La source de tout don parfait est Dieu Amour – Deus caritas est –: «celui qui demeure dans l’amour, demeure en Dieu et Dieu en lui» (1 Jn 4, 16). L’Écriture Sainte raconte l’histoire de ce lien originel entre Dieu et l’humanité, qui précède la création elle-même. Saint Paul, écrivant aux chrétiens de la ville d’Éphèse, fait monter un hymne de reconnaissance et de louange au Père, Lui qui, avec une infinie bienveillance, met en œuvre, au cours des siècles, son dessein universel de salut, qui est un dessein d’amour. Dans son Fils Jésus – affirme l’Apôtre – Il «nous a choisis avant la création du monde, pour que nous soyons, dans l’amour, saints et irréprochables, sous son regard» (Ep 1, 4).Nous sommes aimés par Dieu "avant" même de venir à l’existence ! Mû exclusivement par son amour inconditionnel, Il nous a "créés de rien" (cf. 2M 7, 28) pour nous conduire à la pleine communion avec Lui.

Saisi d’émerveillement devant l’œuvre de la Providence divine, le psalmiste s’exclame: «A voir ton ciel, ouvrage de tes doigts, la lune et les étoiles que tu fixas, qu’est-ce que l’homme pour que tu penses à lui, le fils d’un homme, pour que tu en prennes souci?» (Ps 8, 4-5).La vérité profonde de notre existence est ainsi contenue dans cet étonnant mystère: chaque créature, en particulier chaque personne humaine, est fruit d’une pensée et d’un acte de l’amour de Dieu, amour immense, fidèle, éternel (cf.
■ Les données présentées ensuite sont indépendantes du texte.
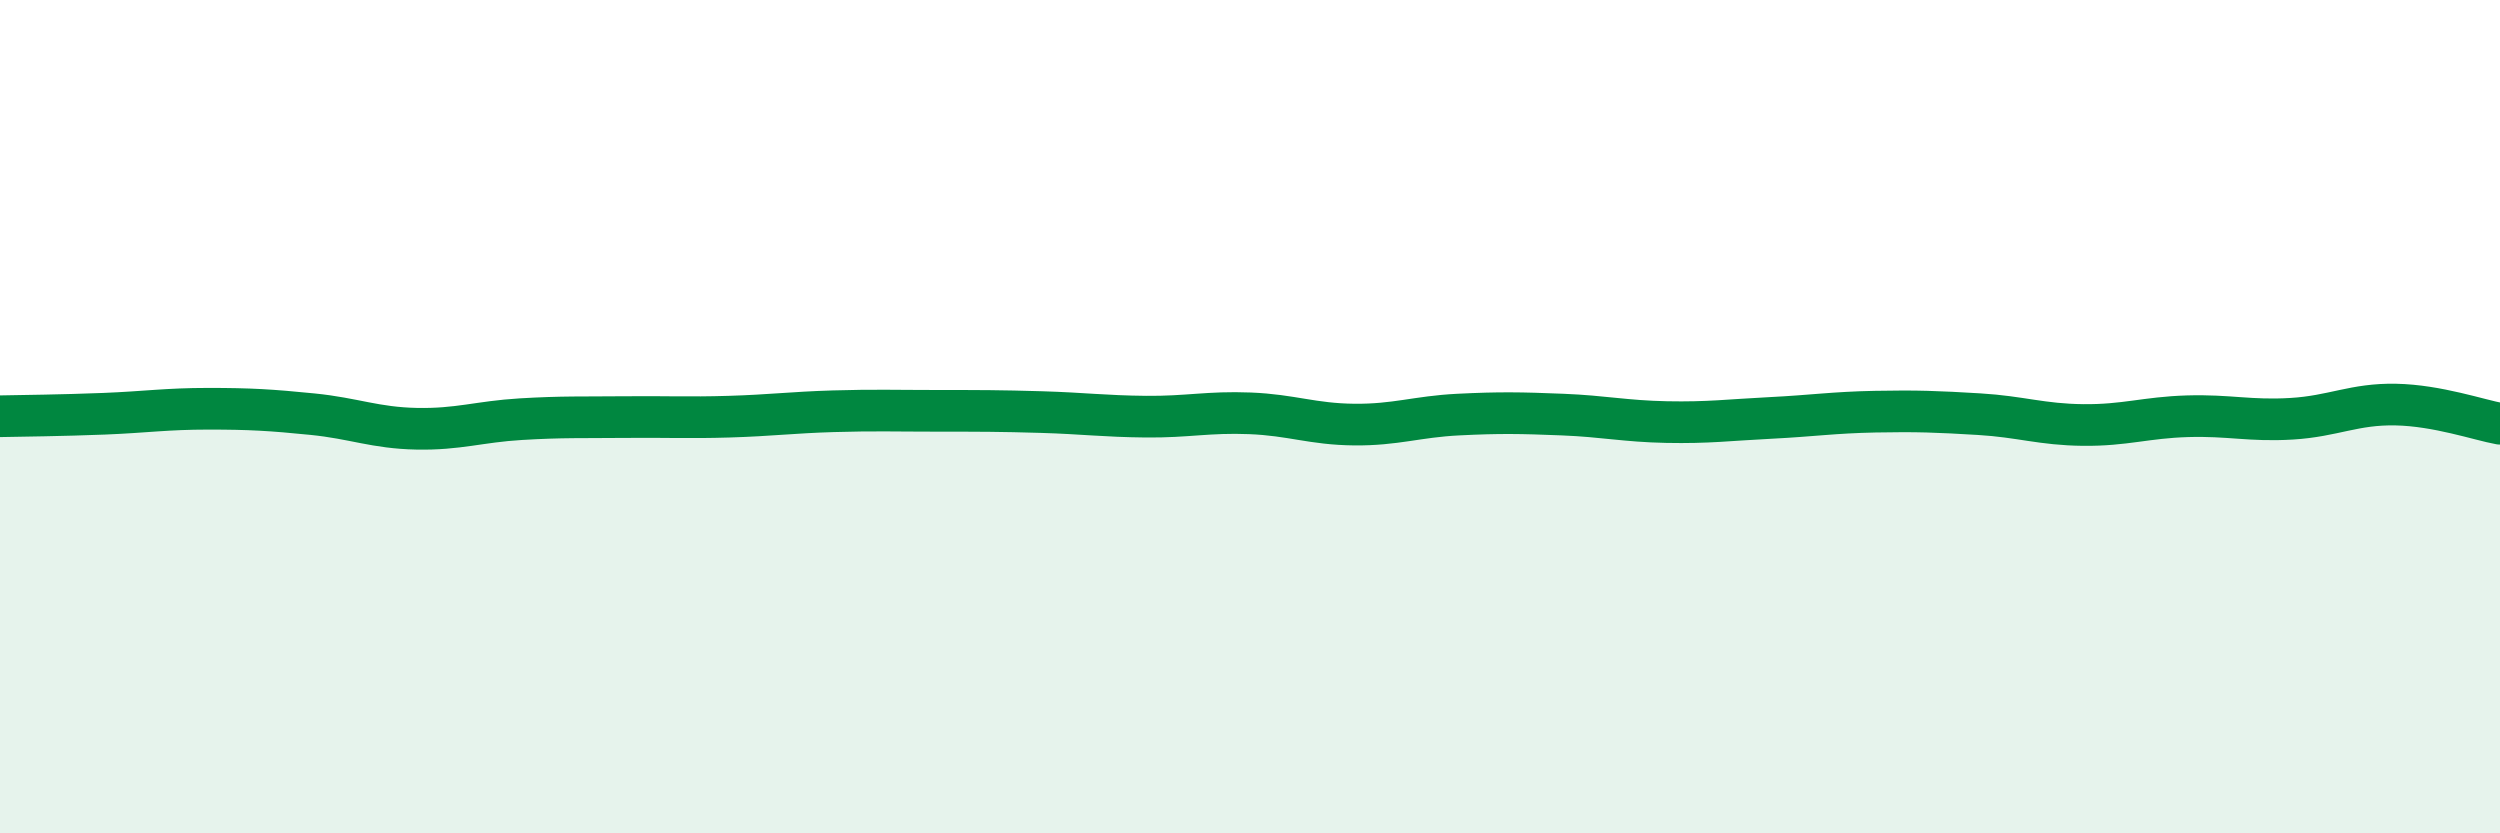 
    <svg width="60" height="20" viewBox="0 0 60 20" xmlns="http://www.w3.org/2000/svg">
      <path
        d="M 0,9.99 C 0.5,9.98 1.5,9.97 2.5,9.93 C 3.5,9.89 4,9.81 5,9.81 C 6,9.81 6.5,9.84 7.5,9.94 C 8.5,10.04 9,10.27 10,10.29 C 11,10.31 11.5,10.12 12.5,10.06 C 13.5,10 14,10.02 15,10.01 C 16,10 16.5,10.03 17.5,10 C 18.5,9.97 19,9.9 20,9.87 C 21,9.84 21.5,9.86 22.5,9.86 C 23.5,9.86 24,9.86 25,9.89 C 26,9.92 26.5,9.99 27.5,10 C 28.5,10.01 29,9.88 30,9.92 C 31,9.96 31.5,10.18 32.5,10.19 C 33.5,10.2 34,10 35,9.95 C 36,9.9 36.5,9.91 37.5,9.95 C 38.5,9.99 39,10.11 40,10.13 C 41,10.15 41.5,10.08 42.5,10.03 C 43.5,9.98 44,9.9 45,9.88 C 46,9.86 46.5,9.88 47.5,9.94 C 48.5,10 49,10.19 50,10.2 C 51,10.21 51.5,10.02 52.5,9.99 C 53.5,9.96 54,10.11 55,10.05 C 56,9.99 56.5,9.69 57.5,9.71 C 58.5,9.73 59.5,10.08 60,10.17L60 20L0 20Z"
        fill="#008740"
        opacity="0.1"
        stroke-linecap="round"
        stroke-linejoin="round"
      />
      <path
        d="M 0,9.99 C 0.5,9.98 1.5,9.97 2.5,9.93 C 3.5,9.89 4,9.81 5,9.81 C 6,9.81 6.5,9.84 7.5,9.94 C 8.5,10.04 9,10.27 10,10.29 C 11,10.31 11.5,10.12 12.5,10.06 C 13.5,10 14,10.02 15,10.01 C 16,10 16.5,10.03 17.5,10 C 18.5,9.97 19,9.9 20,9.87 C 21,9.84 21.5,9.86 22.5,9.86 C 23.5,9.86 24,9.86 25,9.89 C 26,9.92 26.5,9.99 27.5,10 C 28.5,10.01 29,9.88 30,9.92 C 31,9.96 31.5,10.18 32.5,10.19 C 33.5,10.2 34,10 35,9.95 C 36,9.9 36.5,9.91 37.5,9.95 C 38.5,9.99 39,10.11 40,10.13 C 41,10.15 41.5,10.08 42.5,10.03 C 43.5,9.98 44,9.9 45,9.88 C 46,9.86 46.5,9.88 47.5,9.94 C 48.5,10 49,10.19 50,10.2 C 51,10.21 51.5,10.02 52.5,9.99 C 53.5,9.96 54,10.11 55,10.05 C 56,9.99 56.5,9.69 57.5,9.71 C 58.5,9.73 59.5,10.08 60,10.17"
        stroke="#008740"
        stroke-width="1"
        fill="none"
        stroke-linecap="round"
        stroke-linejoin="round"
      />
    </svg>

Jr 31, 3). Découvrir cette réalité change véritablement notre vie en profondeur. Dans une page célèbre des Confessions, saint Augustin exprime avec une grande intensité sa découverte de Dieu, suprême beauté et suprême amour, un Dieu qui lui avait été toujours proche, auquel il ouvrait enfin son esprit et son cœur pour être transformé: «Bien tard je t'ai aimée, ô beauté si ancienne et si nouvelle, bien tard je t'ai aimée! Et voici que tu étais au-dedans, et moi au-dehors. C’est là que je te cherchais. Tout disgracieux, je me ruais sur tes gracieuses créatures. Tu étais avec moi et je n’étais pas avec toi. Loin de toi, elles me retenaient, elles qui ne seraient, si elles n’étaient en toi. Tu m’appelas, crias, rompis ma surdité. Tu brillas, et ta splendeur a ôté ma cécité; tu répandis ton parfum, je respirai, je soupirai, je t’ai goûté, et j’eus faim et soif; tu m’as touché, et je brûlai du désir de ta paix.» (X, 27.38). Par ces images, le saint Évêque d’Hippone cherche à décrire le mystère ineffable de la rencontre avec Dieu, avec son amour qui transforme toute l’existence.
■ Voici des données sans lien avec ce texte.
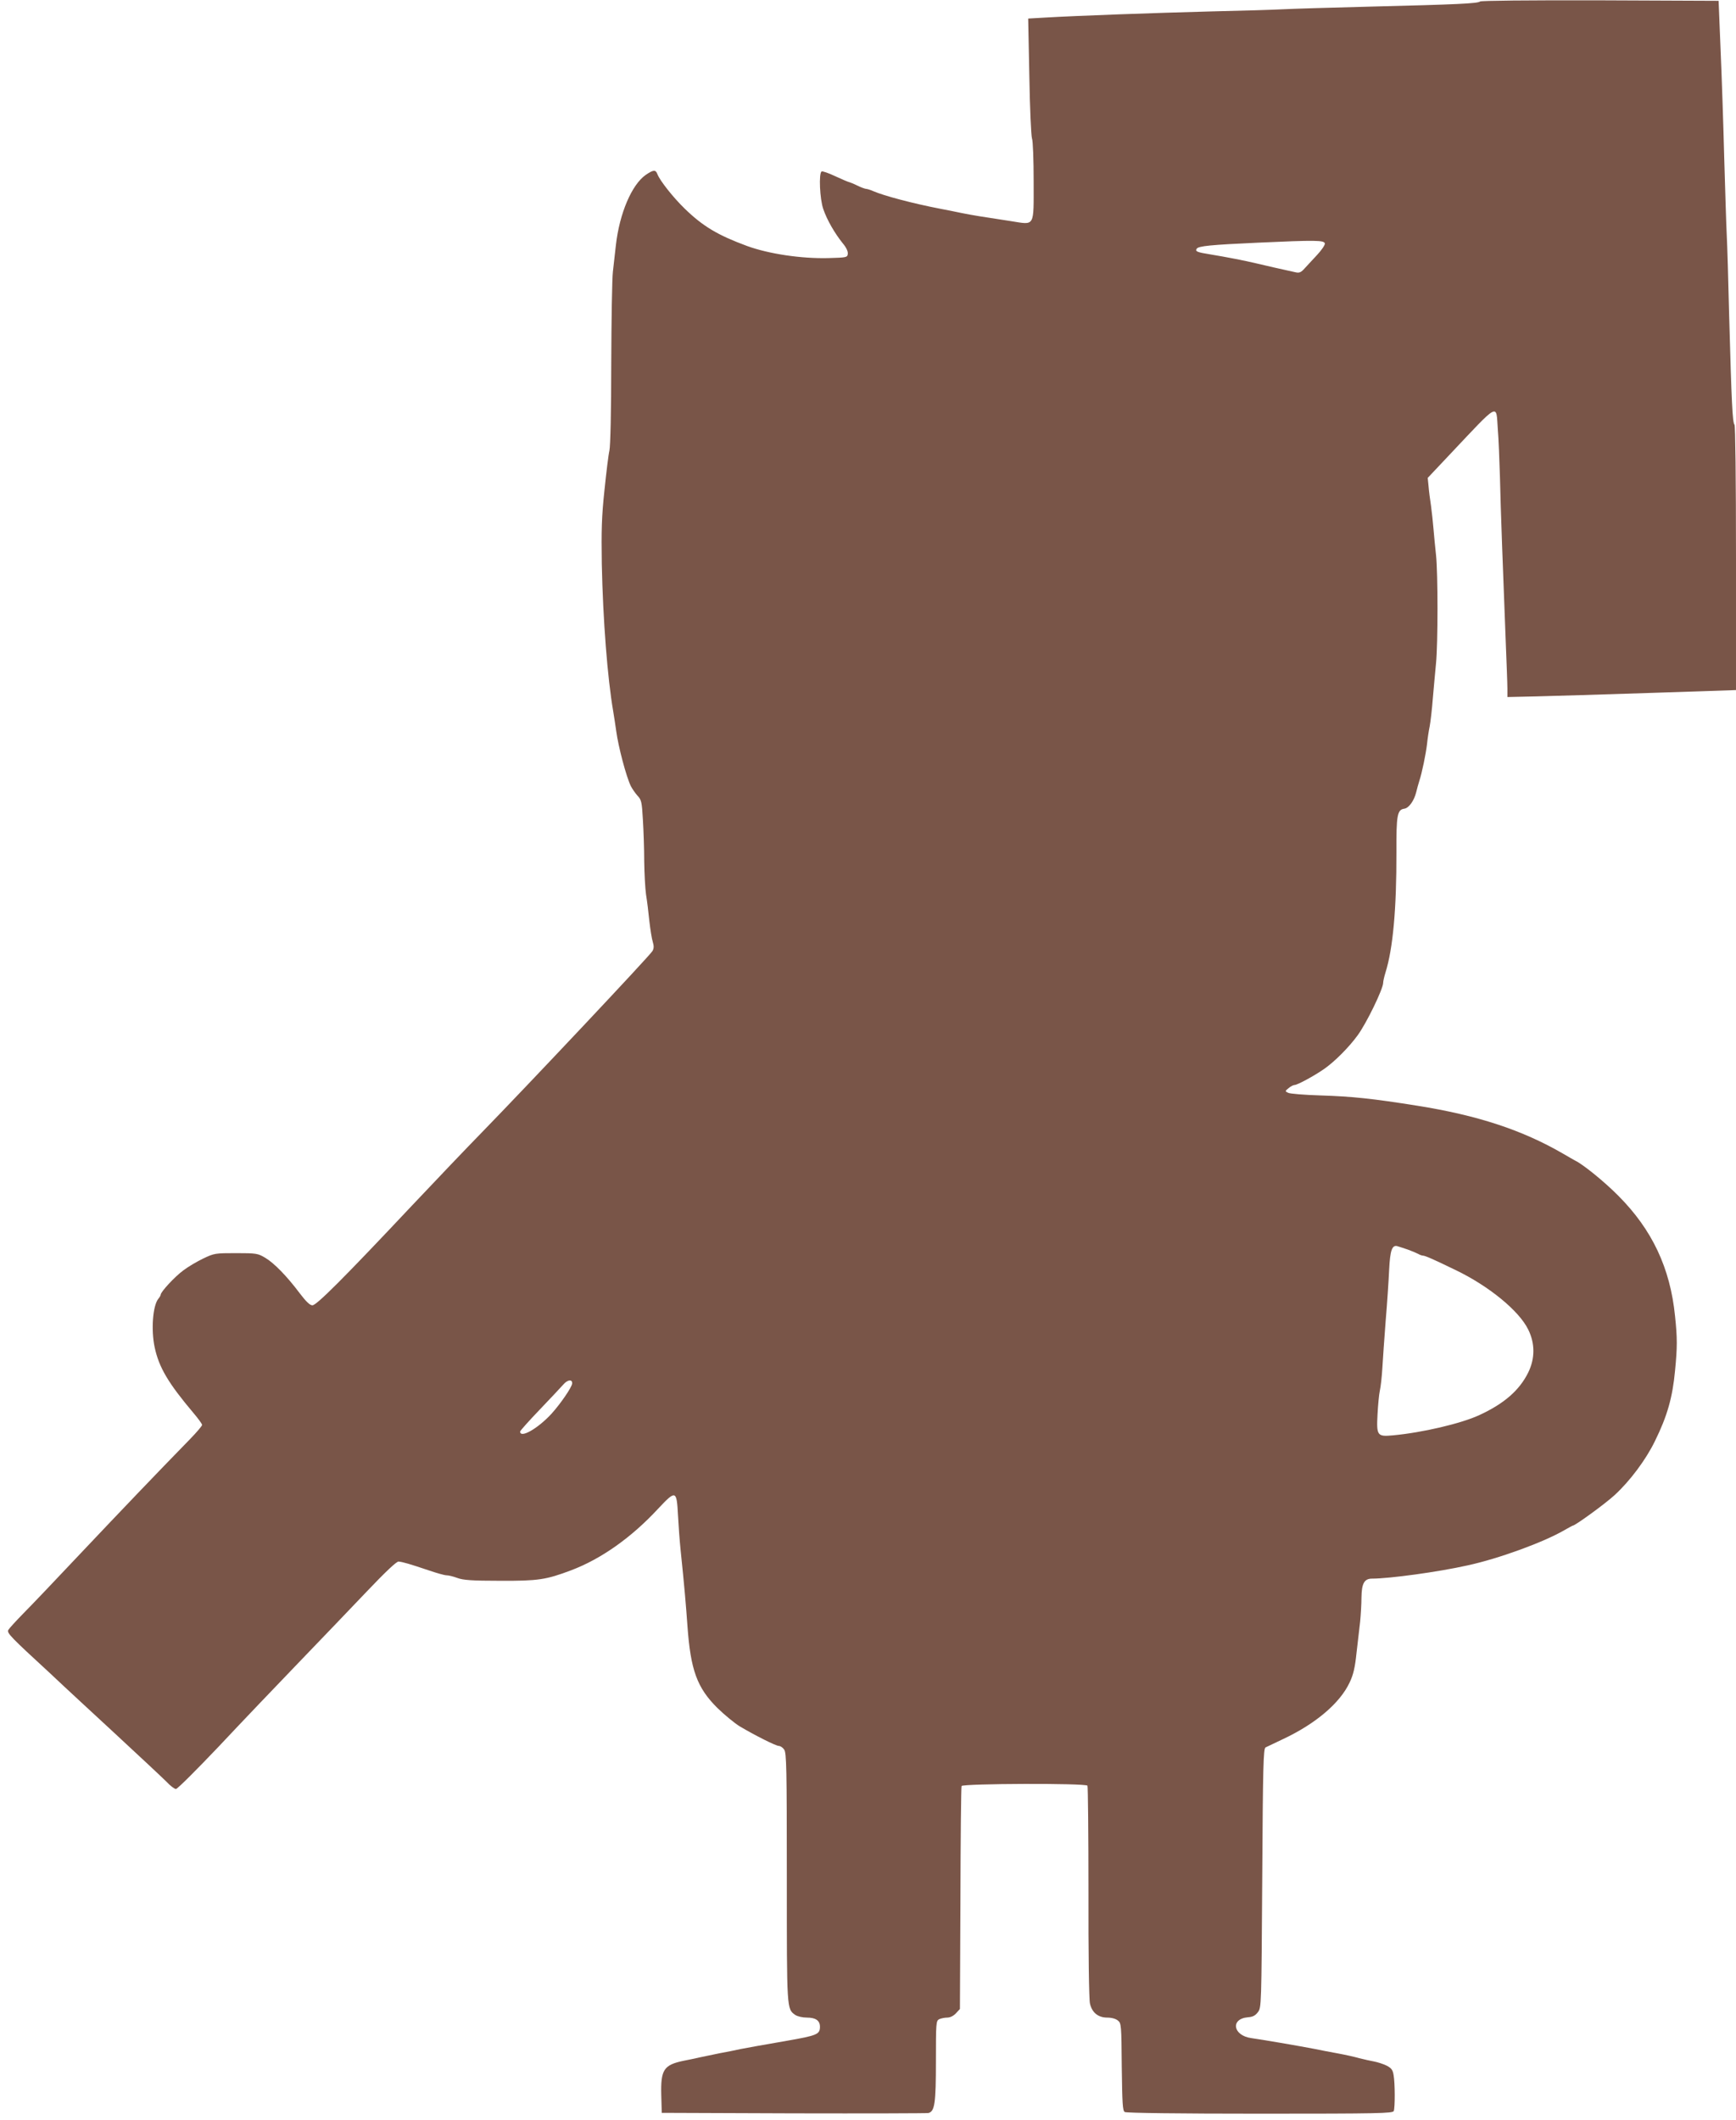 <?xml version="1.0" standalone="no"?>
<!DOCTYPE svg PUBLIC "-//W3C//DTD SVG 20010904//EN"
 "http://www.w3.org/TR/2001/REC-SVG-20010904/DTD/svg10.dtd">
<svg version="1.0" xmlns="http://www.w3.org/2000/svg"
 width="1048pt" height="1280pt" viewBox="0 0 1048 1280"
 preserveAspectRatio="xMidYMid meet">
<g transform="translate(0,1280) scale(0.1,-0.1)"
fill="#795548" stroke="none">
<path d="M8935 12791 c-13 -12 -136 -18 -665 -31 -234 -6 -470 -13 -525 -16
-55 -3 -251 -9 -435 -13 -344 -9 -815 -26 -999 -37 l-104 -6 7 -349 c3 -192
11 -360 16 -375 6 -14 10 -131 10 -259 0 -280 10 -263 -137 -240 -184 28 -228
35 -298 49 -38 8 -97 20 -130 26 -161 31 -339 78 -403 106 -18 8 -38 14 -45
14 -7 1 -30 9 -52 20 -22 11 -43 19 -47 20 -4 0 -42 16 -83 35 -42 20 -80 33
-85 30 -18 -11 -11 -167 10 -227 23 -67 69 -146 117 -206 22 -26 33 -50 31
-65 -3 -21 -7 -22 -118 -25 -163 -4 -358 25 -490 73 -176 65 -266 118 -377
226 -69 67 -149 168 -164 207 -11 29 -24 28 -71 -4 -84 -59 -158 -231 -180
-424 -5 -47 -13 -119 -18 -160 -5 -41 -9 -291 -10 -555 0 -283 -5 -498 -11
-525 -6 -25 -19 -133 -30 -240 -17 -159 -19 -241 -16 -445 7 -337 34 -687 69
-890 5 -33 14 -86 18 -118 13 -96 60 -274 88 -332 8 -16 26 -42 40 -58 24 -25
27 -37 33 -145 4 -64 8 -178 8 -252 1 -74 6 -164 11 -200 6 -36 15 -108 20
-160 6 -52 15 -109 21 -127 7 -24 7 -38 -2 -54 -12 -24 -761 -819 -1029 -1094
-86 -88 -277 -288 -425 -445 -412 -438 -574 -600 -599 -600 -15 0 -38 22 -76
72 -78 104 -155 183 -209 215 -44 26 -52 28 -176 28 -126 0 -132 -1 -197 -32
-38 -18 -92 -50 -121 -72 -51 -37 -137 -130 -137 -147 0 -4 -6 -15 -13 -23
-35 -41 -46 -190 -23 -296 26 -121 83 -216 233 -394 29 -34 53 -67 53 -73 0
-6 -33 -45 -74 -87 -200 -205 -417 -432 -657 -686 -145 -154 -301 -318 -347
-364 -45 -46 -87 -92 -92 -101 -10 -18 16 -44 254 -263 22 -21 59 -55 81 -76
22 -20 161 -150 310 -287 148 -137 288 -268 311 -291 22 -24 48 -43 56 -43 9
0 125 116 259 257 133 142 349 368 479 503 130 135 315 328 412 430 117 123
182 184 194 183 25 -2 69 -15 179 -52 49 -17 99 -31 111 -31 12 0 41 -7 65
-16 35 -13 87 -17 259 -17 228 -1 276 6 427 63 181 68 365 198 526 372 107
114 112 113 120 -40 3 -59 10 -154 16 -212 23 -221 32 -329 41 -455 19 -267
58 -374 181 -496 43 -42 104 -92 135 -111 93 -55 218 -118 236 -118 9 0 24
-10 32 -22 14 -20 16 -110 16 -771 0 -804 -1 -794 51 -831 14 -9 43 -16 71
-16 52 0 78 -18 78 -55 0 -46 -17 -53 -200 -85 -155 -27 -229 -40 -280 -50
-30 -7 -86 -18 -125 -25 -38 -8 -92 -19 -120 -25 -27 -6 -72 -16 -100 -21
-118 -25 -137 -54 -133 -207 l3 -107 795 -3 c437 -1 804 0 815 2 38 10 45 58
45 314 0 228 1 242 19 252 11 5 33 10 49 10 18 0 38 10 53 26 l24 26 3 666 c1
367 4 673 7 680 6 15 750 18 760 2 3 -5 6 -294 6 -642 -1 -358 3 -650 9 -673
12 -55 50 -85 104 -85 27 0 52 -7 65 -18 20 -16 21 -27 23 -280 3 -221 5 -264
18 -272 9 -6 330 -10 816 -10 722 0 802 2 808 16 8 20 8 168 -1 217 -5 31 -13
42 -42 57 -20 10 -55 21 -76 25 -22 4 -62 13 -90 20 -27 8 -86 21 -130 29 -44
8 -107 20 -140 27 -99 19 -321 57 -380 65 -112 15 -129 117 -21 126 29 2 44
10 60 31 21 28 21 36 26 809 4 680 7 782 20 789 8 4 56 27 105 50 198 93 345
218 403 343 22 46 32 89 41 176 7 63 17 149 22 190 4 41 8 107 8 145 1 86 17
115 64 115 104 0 399 40 577 80 189 41 459 140 583 212 26 15 50 28 52 28 14
0 197 133 252 184 92 84 190 215 244 327 74 150 106 263 121 424 14 143 14
197 0 330 -29 290 -138 521 -342 726 -82 83 -212 189 -260 212 -8 5 -42 23
-75 43 -245 142 -515 231 -880 289 -270 43 -391 56 -585 62 -96 3 -184 10
-194 16 -19 9 -19 10 3 28 13 11 29 19 36 19 17 0 117 54 179 97 63 44 149
130 202 203 53 72 154 280 154 317 0 9 6 36 14 62 45 143 67 384 66 726 -1
225 5 257 48 263 27 4 58 47 71 98 5 21 14 53 19 69 16 47 40 164 47 225 3 30
10 78 16 106 5 27 14 104 19 170 6 65 14 160 19 209 12 118 12 547 0 655 -5
47 -12 117 -15 155 -3 39 -10 102 -15 140 -6 39 -13 93 -15 120 l-5 50 132
140 c305 323 280 310 291 155 5 -58 10 -188 13 -290 4 -189 19 -586 35 -995 5
-126 10 -253 10 -281 l0 -52 178 4 c97 2 408 12 690 21 l512 17 0 796 c0 484
-4 800 -9 806 -12 11 -18 138 -32 649 -5 220 -12 445 -15 500 -3 55 -9 262
-15 460 -5 198 -15 493 -22 655 l-12 295 -715 3 c-440 1 -720 -2 -725 -7z
m-937 -1461 c1 -9 -19 -39 -46 -68 -27 -29 -61 -66 -76 -82 -21 -24 -32 -29
-54 -24 -69 15 -201 45 -242 55 -62 15 -180 38 -272 53 -81 13 -94 18 -84 34
10 17 85 24 371 37 351 16 399 15 403 -5z m502 -6074 c25 -9 53 -21 62 -26 10
-6 23 -10 28 -10 13 0 65 -23 197 -87 200 -96 384 -246 439 -360 41 -83 41
-174 0 -258 -53 -108 -146 -189 -296 -258 -110 -51 -346 -106 -521 -122 -95
-9 -100 -2 -93 128 3 56 9 120 14 142 5 22 12 83 15 135 3 52 12 181 20 285 9
105 18 243 21 308 6 122 18 155 53 143 9 -2 36 -12 61 -20z m-5046 -808 c-2
-23 -69 -121 -125 -183 -83 -90 -189 -150 -189 -107 0 5 53 64 118 132 64 67
128 135 142 151 26 31 56 34 54 7z"/>
</g>
</svg>

Il s’agit d’un amour sans réserve qui nous précède, nous soutient et nous appelle tout au long du chemin de la vie et qui s’enracine dans l’absolue gratuité de Dieu. Se référant en particulier au ministère sacerdotal, mon prédécesseur, le Bienheureux Jean-Paul II, affirmait que «tout acte ministériel, en même temps qu'il conduit à aimer et à servir l'Église, pousse à mûrir toujours davantage dans l'amour et dans le service du Christ Tête, Pasteur et Époux de l'Église; cet amour se présente toujours comme une réponse à l'amour prévenant, libre et gratuit de Dieu dans le Christ» (Exhort. apost. Pastores dabo vobis, 25).Chaque vocation particulière naît, en effet, de l’initiative de Dieu, est don de l’amour de Dieu !C’est Lui qui fait le "premier pas", non à cause d’une particulière bonté rencontrée chez nous, mais grâce à la présence de son amour «répandu dans nos cœurs par l’Esprit Saint» (Rm 5, 5).

En tout temps, à la source de l’appel divin, il y a l’initiative de l’amour infini de Dieu, qui se manifeste pleinement en Jésus Christ. Comme je l’ai écrit dans ma première Encyclique Deus caritas est:«En fait, Dieu se rend visible de multiples manières. Dans l’histoire d’amour que la Bible nous raconte, Il vient à notre rencontre, Il cherche à nous conquérir – jusqu’à la dernière Cène, jusqu’au Cœur transpercé sur la croix, jusqu’aux apparitions du Ressuscité et aux grandes œuvres par lesquelles, à travers l’action des Apôtres, Il a guidé le chemin de l’Église naissante. Et de même, par la suite, dans l’histoire de l’Église, le Seigneur n’a jamais été absent : il vient toujours de nouveau à notre rencontre – par des hommes à travers lesquels il transparaît, ainsi que par sa Parole, dans les Sacrements, spécialement dans l’Eucharistie» (n. 17).

L’amour de Dieu demeure pour toujours, il est fidèle à lui-même, à la «parole édictée pour mille générations» (Ps 105 [104], 8). Il faut donc ré-annoncer, spécialement aux nouvelles générations, la beauté attrayante de cet amour divin, qui précède et accompagne: c’est lui le ressort secret, la motivation qui ne fait jamais défaut, même dans les situations les plus difficiles.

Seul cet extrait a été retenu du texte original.